Granny panties, mismatched bra and some sexy yellow rubber gloves! Nice.
This is exactly why I’m content to lurk in the bushes.
You’re probably done with the bathroom by now, so you can come and do mine. It’s tiny I promise. My address is…
jodieodie: *snigger* oooh I’m gunna keep my bay-bee oooh yeah.
Christina: I normally do it while I am in the shower, but the tiles were looking mangy and needed some bamming. Don’t diss the eighties Madge. She was awesome then!
lceel: Trust me, you would want a refund. And compensation..
Tiff: *gaffaw* oh yes, I can only imagine how horrific the sight was!
Gnometree: All I saw was the purple underpants. Over and over and over and, ahem, over…
Coast Rat: If you look in my archives under ‘things that make you want to hide in a cupboard’ you will find that most of my embarrassing situations involve me flashing my underwear.
Kitty Polestar: Bwaaaaaa haaaaa haaaaaa! That is brilliant. Now to find my time machine. It is here somewhere….

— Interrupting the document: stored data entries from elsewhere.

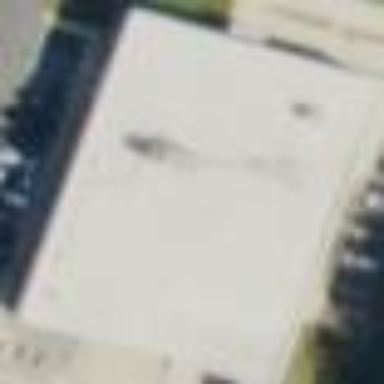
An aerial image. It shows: Post office building with flat white roof.
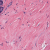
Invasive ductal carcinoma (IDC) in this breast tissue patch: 1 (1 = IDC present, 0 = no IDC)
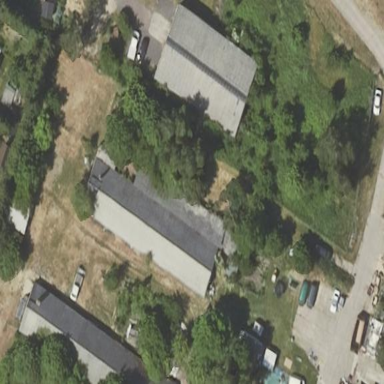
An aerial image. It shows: Farm auxiliary building.
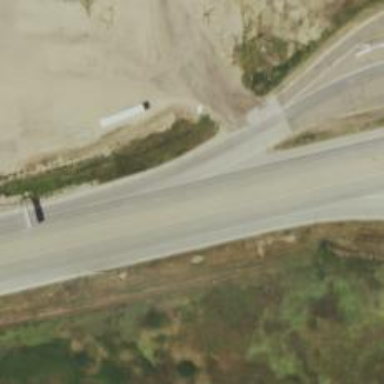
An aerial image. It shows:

River: and you KNOW how much I despise the drop in. Bastards.
Deb: Nah, she just went beetroot red and laughed a lot. Biatch.
Jayne: Yeah you can, just lock the freaking door!
Greta: You were just wearing socks?
Moo: Oh it does, my friend, it does. Don’t think the fishies would like it too much though…
Sensitiva: You are one sick woman
mp: If I waited for MPS to clean the bathroom that shit would be talking and wanting Christmas presents and shit.
Ange: Awesome. You will now think of me every time you smell urine…
MM: *gaffaw* you got it babe.
Anja: W00T! I didn’t think of that! Will it shape my hair into a heart or the likeness of The Virgin Mary?
Dirty Laundry Diva: That sounds HAWT. Must get some of those gloves.
Diesel: My mind just went places you don’t want to know…
River: Just stripping down now…
i lose the game
HOLY HELL that’s funny. At least you were rocking to THAT madonna song. It would’ve been a whole different scene if you were playing Erotica.
OMG !!!!
I am PMSL. Thank GOD Mr S bought those Poise.